裴修跟晏长风异口同声往他脸上喷:“不然呢!”
盛明宇抽搐着嘴角,脸色一时绿一时黑,“好好的司夜,眼神怎么还不好。”他把扇子一收,转身离开,“番薯改日再吃,我还有事,先走了。”
晏长风摇头笑,“番薯都不吃了,看来是开窍了。”
“可惜开得不是时候。”裴修叹气,“大皇子北都失利,一定会再次挑动北疆战事,要不了多久他就要回去了。”
晏长风:“太子召他回来不就是为了夺兵权,他能顺利回去吗?”
“夺兵权得有本事夺,如今的蜀王不是太子能拿捏的。”裴修看向媳妇儿,“昨日没机会问,那个主教可是晏长青?”
一说起那不省心的,晏长风的心情就不好,“是他。”
裴修握住她的手揽入怀,轻抚后背,“那孩子本性不坏,但糊涂,糊涂到一定份上,不坏也坏,他已经不是你三弟,你也莫将她再看作三弟,对你们都好。”
“我知道。”晏长风埋进他怀里,“所以我心里不舒服,我是如今才明白,一家里嫡庶原本就是对立的,像你家怠慢庶子,导致兄弟们恨意深种,矛盾重重,生出了这许多仇怨来,而我家虽说对老三好,可因为身份不同,很难站在他的处境里看待问题,我们一味拉着他与我们并肩,可他的身份注定了他一只脚始终站在低处,这种拉扯的矛盾被我们忽略了,日久天长,就成了结,一旦注入仇恨,就无法挽回。”
“但你们的付出并非不值得,有些时候会左右他的选择。”裴修说,“否则昨日你很难全身而退。”
是啊,晏长风想,到底还是值得吧。
直到夜深,柳清仪才回来,是逃回来了,因为屁股后面跟了个自封的护花使者。
这破使者苍蝇似的嗡嗡了一路,简直要烦死个人。
“你也好歹是闯荡江湖的老江湖了,不知道不能随便跟什么男子吃饭吗?”盛明宇跟个爹似的絮叨,“吃饭就罢了,还去那男人窝里待到深夜,成何体统?你虽然可能是嫁不出去的,但姑娘家的名声该要还得要。”

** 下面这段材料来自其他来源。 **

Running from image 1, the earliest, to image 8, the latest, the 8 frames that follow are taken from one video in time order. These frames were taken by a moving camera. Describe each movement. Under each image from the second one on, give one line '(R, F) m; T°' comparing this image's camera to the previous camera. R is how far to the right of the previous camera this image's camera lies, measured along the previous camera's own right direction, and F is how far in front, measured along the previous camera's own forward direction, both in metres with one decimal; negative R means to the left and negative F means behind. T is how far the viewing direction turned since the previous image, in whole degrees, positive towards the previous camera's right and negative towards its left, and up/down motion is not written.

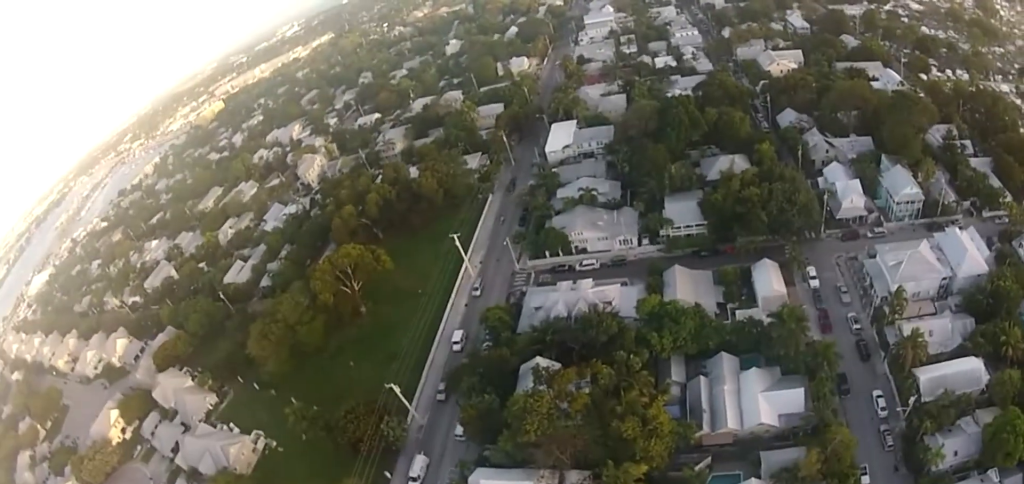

“蜀王殿下。”柳清仪转身将他挡在院子里,不准再跟,“我不妨告诉你,我闯荡江湖的时候,还跟男子同席睡过,你要不去报官吧,治我个不检点之罪,好过听你唠叨。”
“你以为本王跟谁都唠叨吗?”盛明宇想说这女人真是不识好人心,“也就是看在你在北疆帮了我数月的份上,北都城不比江湖,规矩多着呢,你便是看上了人家司夜大人,也得遵循这些,懂吗?”
柳清仪嗤笑,“这似乎是我的事,跟你有关系吗?”
“我们朋友一场,怎么能说没关系呢?”盛明宇自以为很有道理地说。
柳清仪看着他那张晒成黑碳似乎有了点男子气概但依旧欠扁的脸,抬手在他们之间划开无形的楚河汉界,“既然是朋友,你也该遵循你说的男女大防,以后没事不要出现在我面前,更不要跟着我,再见。”
说完转身回了房间,留盛明宇在院子里气出内伤,“就没见过这么不知好歹的!本王亲自护送你回来你还有意见了!”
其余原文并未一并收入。